You can find more information about configuring the DRBD synchronization speed in Adjusting the synchronization speed.
-
Enable asynchronous data replication: You can compensate for high network latency and bursts of high activity by enabling asynchronous data replication between the primary and the secondary node with the DRBD asynchronous mode option.
You can find more information about configuring asynchronous data replication in Asynchronous data replication.
-
Configure redundant heartbeat interfaces: You can configure virtual interfaces for each HA node to monitor the availability of the other node.

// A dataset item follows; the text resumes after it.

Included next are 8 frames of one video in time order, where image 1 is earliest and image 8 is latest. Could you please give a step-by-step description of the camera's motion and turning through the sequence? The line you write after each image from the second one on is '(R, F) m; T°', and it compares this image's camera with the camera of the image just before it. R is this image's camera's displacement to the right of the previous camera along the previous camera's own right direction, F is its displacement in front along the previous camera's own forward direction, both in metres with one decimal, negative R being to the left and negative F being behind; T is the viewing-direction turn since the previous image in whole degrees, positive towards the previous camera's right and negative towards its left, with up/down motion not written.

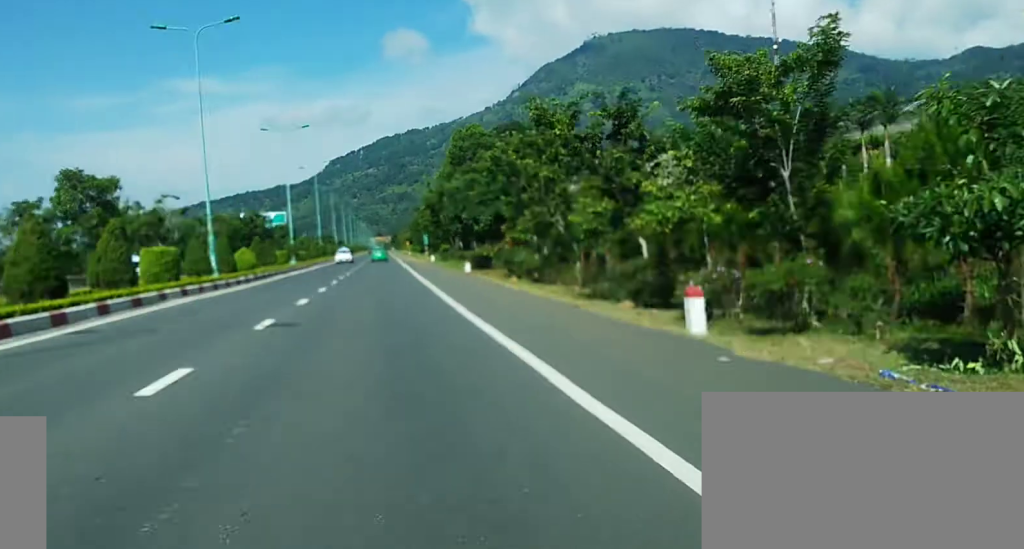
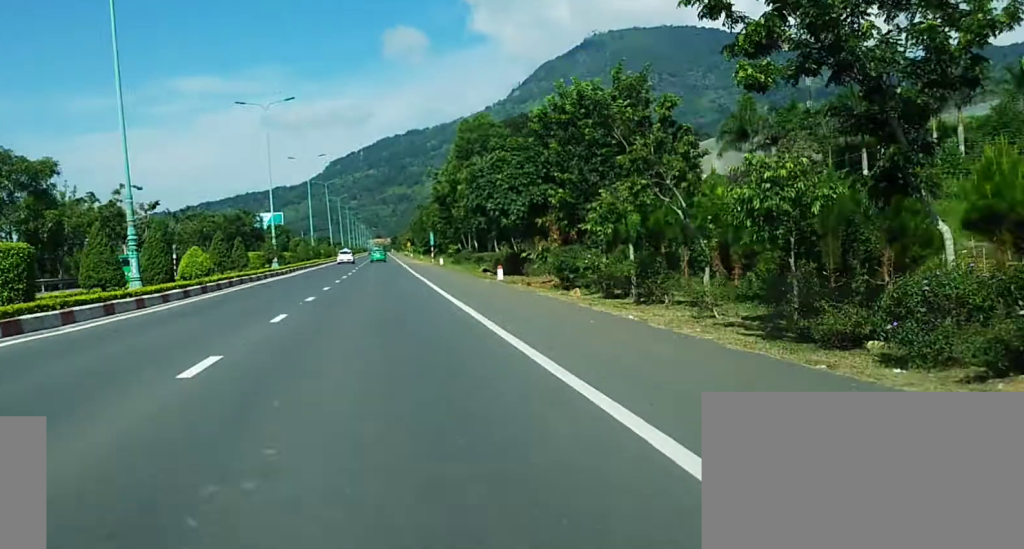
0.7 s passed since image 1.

You can find more information about configuring redundant heartbeat interfaces in Redundant heartbeat interfaces.
-
Configure next-hop monitoring: You can provide IP addresses (usually next hop routers) to continuously monitor from both the primary and the secondary nodes using ICMP echo (ping) messages. If any of the monitored addresses becomes unreachable from the primary node while being reachable from the secondary node (in other words, more monitored addresses are accessible from the secondary node) then it is assumed that the primary node is unreachable and a forced takeover occurs – even if the primary node is otherwise functional.
You can find more information about configuring next-hop monitoring in Next-hop router monitoring.
-
Reboot the HA cluster: To reboot both nodes, click Reboot Cluster. To prevent takeover, a token is placed on the secondary node. While this token persists, the secondary node halts its boot process to make sure that the primary node boots first. Following reboot, the primary node removes this token from the secondary node, allowing it to continue with the boot process.
If the token still persists on the secondary node following reboot, the Unblock Slave Node button is displayed. Clicking the button removes the token, and reboots the secondary node.
-
Reboot a node: Reboots the selected node.
When rebooting the nodes of a cluster, reboot the other (secondary) node first to avoid unnecessary takeovers.
-
Shutdown a node: Forces the selected node to shutdown.
When shutting down the nodes of a cluster, shut down the other (secondary) node first. When powering on the nodes, start the primary node first to avoid unnecessary takeovers.
-
Manual takeover: To activate the other node and disable the currently active node, click Activate slave.
Activating the secondary node terminates all connections of SSB and might result in data loss. The secondary node becomes active after about 60 seconds, during which SSB cannot accept incoming messages. Enable disk-buffering on your syslog-ng clients and relays to prevent data loss in such cases.